Food allergies can subtly manifest as simple bloating. In fact, you may be allergic to foods you eat every day.
"Allergies can cause bloating and gas and may even contribute to irritable bowel syndrome," says Dr. Steelsmith.
Assessing for allergies consists of eliminating common food allergens and then reintroducing them back into the diet one at a time and gauging the body's reaction.
A typical test involves eliminating foods such as gluten, wheat, peanut, dairy, eggs, soy, yeast, sugar, and corn.
“If you wish to test yourself for food allergies, avoid eating a suspicious food for five days, and then challenge it on the sixth day by eating that food a number of times.” Watch for symptoms such as gas or bloating for the next three days.
"Some food reactions are triggered by an immune cell response within hours of eating the food, where other food allergens may take 24 to 72 hours," says Dr. Steelsmith.

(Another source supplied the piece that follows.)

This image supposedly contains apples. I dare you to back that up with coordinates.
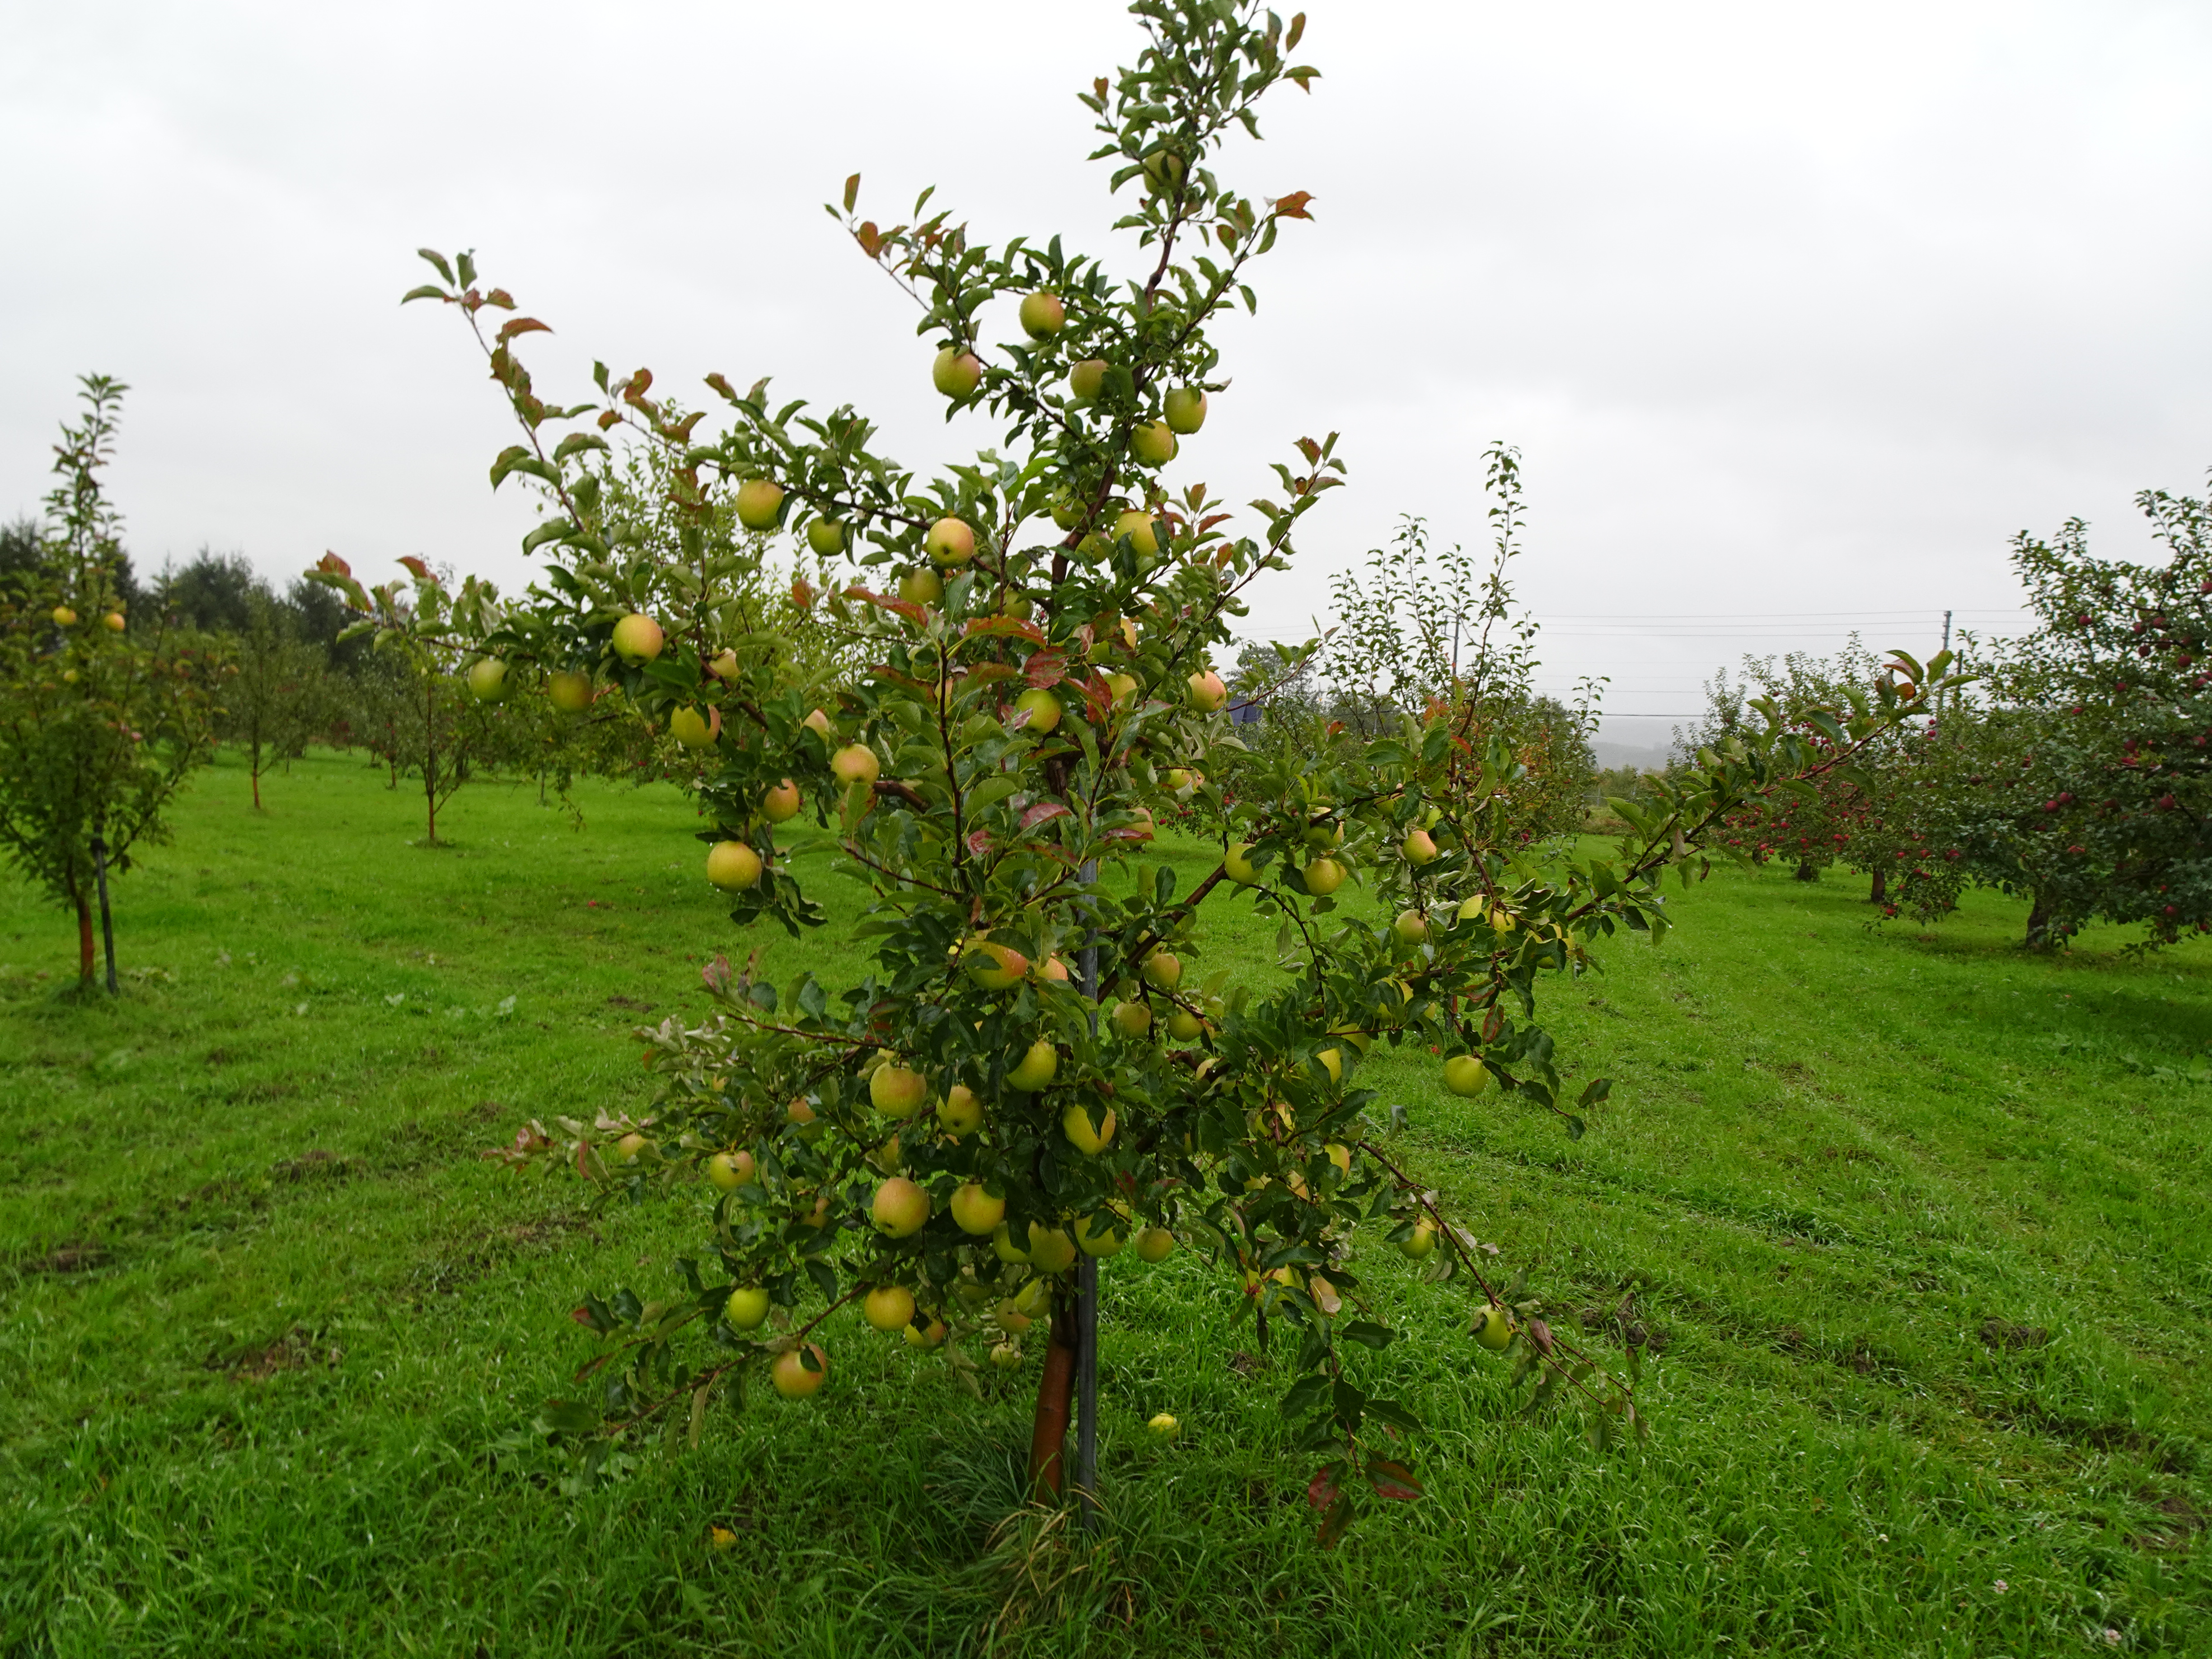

Even if you test negative for food allergies, a food sensitivity may be at work, which can also cause bloating, says Holly Lucille, ND, RN, of Los Angeles, California. "Testing for food sensitivities is not as involved as testing for outright food allergies, but ruling out an offending food can have an amazing ability to slim you down."
If you suspect you may have sensitivities, take a common offending food such as wheat out of your diet for a month. If you feel better and your stomach flattens out, you likely have your answer.
Fat & Hormones
Stubborn excess belly fat in both men and women could also be due to an estrogen excess. The danger of belly fat goes beyond aesthetics, as excess fat in the abdominal area increases risk of cardiovascular disease, diabetes and certain cancers.
"In our estrogen-dominant society [estrogen levels increase in perimenopausal and menopausal women; testosterone in middle-aged men converts to estrogen with age as well], men and women can both accumulate excess fat around the midsection as a result," says Dr. Lucille. "One solution may be taking an estrogen-balancing nutrient such as diindolemethane, commonly known as DIM. It has been shown to act as an efficient fat burner by encouraging healthy estrogen metabolism and can help eliminate a pouchy stomach."